Can anyone advise us on a good current acct for UK nationals in AD please ? We would like a joint acct if poss with good availability of cash machines. We also send money back to UK monthly for sons rent payments etc out of our UK current acct. Any advice welcome please !!


----------



## Deefor

This has been covered quite often on this forum, but the better ones seem to be ADCB and NBAD. My advice would be use one that has a branch that is convenient to where you live and that is open at some time when you are likely to need it.

There are plenty cash machines and even if it isn't from your bank the fees for getting cash out are minimal.

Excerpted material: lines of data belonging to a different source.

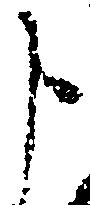
申
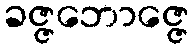
ခဇ္ဇဘောဇ္ဇေ
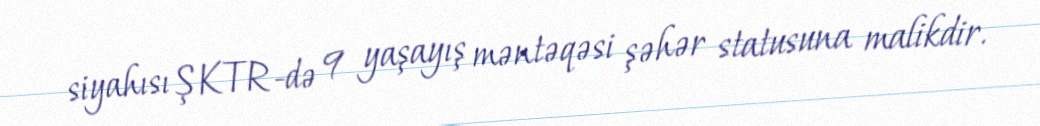
siyahısı ŞKTR-də 9 yaşayış məntəqəsi şəhər statusuna malikdir.
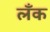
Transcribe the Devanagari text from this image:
लँक
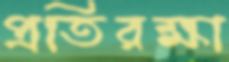
প্রতিরক্ষা
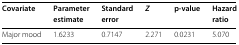
<table><thead><tr><td><b>Covariate</b></td><td><b>Parameter</b></td><td><b>Standard</b></td><td><b><i>Z</i></b></td><td><b>p-value</b></td><td><b>Hazard</b></td></tr><tr><td></td><td><b>estimate</b></td><td><b>error</b></td><td></td><td></td><td><b>ratio</b></td></tr></thead><tbody><tr><td>Major mood</td><td>1.6233</td><td>0.7147</td><td>2.271</td><td>0.0231</td><td>5.070</td></tr></tbody></table>

As in the UK, some people have good experiences with one bank and others get worse experiences from the same one.


----------



## kevinthegulf

I find ADCB a decent bank, one advantage is the wife can have a debit card and credit card on the same account. Sending money to Uk, consider a money changer, rates are better I think, I use UAE exchange , not had a problem, create an account with then and its straightforward
rgds kev


----------



## g1968g

I'm going through the process of opening a UAE account with the HSBC.
I opened an account in the UK before I left, they "introduced" me to the Abu Dhabi branch.
I've just left there and all seems ok. Free transfer of funds between UAE & UK, internet banking, all the cards you need etc etc

Just get your ID & Residents visa application moving. 

You need it for everything here


----------



## rsinner

tranfering fund from HSBC UAE to UK might be "free" but the exchange rate would be terrible. you would be better off using an exchange house like UAE Exchange or AL ANsari or 10s of others that exist. Shop around.


----------



## AlexDhabi

HSBC in Abu Dhabi is horrendous. Terrible service, hardly any cash machines, bad exchange rates, archaic internet manking, made lots of errors and made me wait a long time to fix them. NBAD much better.


----------